YOUR ASSIGNMENT => Here is a set of records. Copy them all exactly.

[TASK MATERIAL Boundary: Start]

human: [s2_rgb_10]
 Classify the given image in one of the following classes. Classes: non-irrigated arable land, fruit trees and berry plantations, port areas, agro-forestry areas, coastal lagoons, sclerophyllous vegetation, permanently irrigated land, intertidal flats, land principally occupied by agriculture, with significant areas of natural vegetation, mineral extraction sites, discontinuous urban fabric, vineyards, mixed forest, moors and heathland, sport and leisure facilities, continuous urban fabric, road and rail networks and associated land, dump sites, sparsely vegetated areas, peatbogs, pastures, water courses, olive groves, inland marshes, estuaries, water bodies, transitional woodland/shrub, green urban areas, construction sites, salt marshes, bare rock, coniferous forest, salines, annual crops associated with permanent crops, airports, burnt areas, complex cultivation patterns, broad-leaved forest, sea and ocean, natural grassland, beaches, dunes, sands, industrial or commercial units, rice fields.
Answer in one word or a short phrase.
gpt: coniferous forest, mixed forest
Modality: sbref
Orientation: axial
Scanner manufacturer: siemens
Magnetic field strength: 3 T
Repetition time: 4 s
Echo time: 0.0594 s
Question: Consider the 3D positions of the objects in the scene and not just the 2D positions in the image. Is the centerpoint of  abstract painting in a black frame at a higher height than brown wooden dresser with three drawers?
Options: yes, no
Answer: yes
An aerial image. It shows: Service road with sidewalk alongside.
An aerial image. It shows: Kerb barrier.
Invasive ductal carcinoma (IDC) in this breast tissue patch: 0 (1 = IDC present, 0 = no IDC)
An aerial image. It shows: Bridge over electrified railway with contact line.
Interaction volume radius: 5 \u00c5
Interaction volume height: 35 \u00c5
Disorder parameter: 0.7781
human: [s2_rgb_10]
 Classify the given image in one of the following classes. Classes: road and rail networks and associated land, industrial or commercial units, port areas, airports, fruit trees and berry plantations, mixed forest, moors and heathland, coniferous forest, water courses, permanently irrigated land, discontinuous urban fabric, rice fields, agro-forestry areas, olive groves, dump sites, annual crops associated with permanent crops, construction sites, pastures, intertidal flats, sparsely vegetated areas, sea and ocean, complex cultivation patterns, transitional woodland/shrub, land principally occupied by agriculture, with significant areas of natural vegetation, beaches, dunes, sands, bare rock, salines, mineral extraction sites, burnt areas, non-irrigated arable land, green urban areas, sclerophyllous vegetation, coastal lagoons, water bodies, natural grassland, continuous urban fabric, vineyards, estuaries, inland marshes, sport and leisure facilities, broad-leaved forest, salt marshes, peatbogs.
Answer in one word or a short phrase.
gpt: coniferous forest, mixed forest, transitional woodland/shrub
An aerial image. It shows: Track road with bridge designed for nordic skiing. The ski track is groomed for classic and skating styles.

[TASK MATERIAL Boundary: End]

WORKED SOLUTION =>
human: [s2_rgb_10]
 Classify the given image in one of the following classes. Classes: non-irrigated arable land, fruit trees and berry plantations, port areas, agro-forestry areas, coastal lagoons, sclerophyllous vegetation, permanently irrigated land, intertidal flats, land principally occupied by agriculture, with significant areas of natural vegetation, mineral extraction sites, discontinuous urban fabric, vineyards, mixed forest, moors and heathland, sport and leisure facilities, continuous urban fabric, road and rail networks and associated land, dump sites, sparsely vegetated areas, peatbogs, pastures, water courses, olive groves, inland marshes, estuaries, water bodies, transitional woodland/shrub, green urban areas, construction sites, salt marshes, bare rock, coniferous forest, salines, annual crops associated with permanent crops, airports, burnt areas, complex cultivation patterns, broad-leaved forest, sea and ocean, natural grassland, beaches, dunes, sands, industrial or commercial units, rice fields.
Answer in one word or a short phrase.
gpt: coniferous forest, mixed forest
Modality: sbref
Orientation: axial
Scanner manufacturer: siemens
Magnetic field strength: 3 T
Repetition time: 4 s
Echo time: 0.0594 s
Question: Consider the 3D positions of the objects in the scene and not just the 2D positions in the image. Is the centerpoint of  abstract painting in a black frame at a higher height than brown wooden dresser with three drawers?
Options: yes, no
Answer: yes
An aerial image. It shows: Service road with sidewalk alongside.
An aerial image. It shows: Kerb barrier.
Invasive ductal carcinoma (IDC) in this breast tissue patch: 0 (1 = IDC present, 0 = no IDC)
An aerial image. It shows: Bridge over electrified railway with contact line.
Interaction volume radius: 5 \u00c5
Interaction volume height: 35 \u00c5
Disorder parameter: 0.7781
human: [s2_rgb_10]
 Classify the given image in one of the following classes. Classes: road and rail networks and associated land, industrial or commercial units, port areas, airports, fruit trees and berry plantations, mixed forest, moors and heathland, coniferous forest, water courses, permanently irrigated land, discontinuous urban fabric, rice fields, agro-forestry areas, olive groves, dump sites, annual crops associated with permanent crops, construction sites, pastures, intertidal flats, sparsely vegetated areas, sea and ocean, complex cultivation patterns, transitional woodland/shrub, land principally occupied by agriculture, with significant areas of natural vegetation, beaches, dunes, sands, bare rock, salines, mineral extraction sites, burnt areas, non-irrigated arable land, green urban areas, sclerophyllous vegetation, coastal lagoons, water bodies, natural grassland, continuous urban fabric, vineyards, estuaries, inland marshes, sport and leisure facilities, broad-leaved forest, salt marshes, peatbogs.
Answer in one word or a short phrase.
gpt: coniferous forest, mixed forest, transitional woodland/shrub
An aerial image. It shows: Track road with bridge designed for nordic skiing. The ski track is groomed for classic and skating styles.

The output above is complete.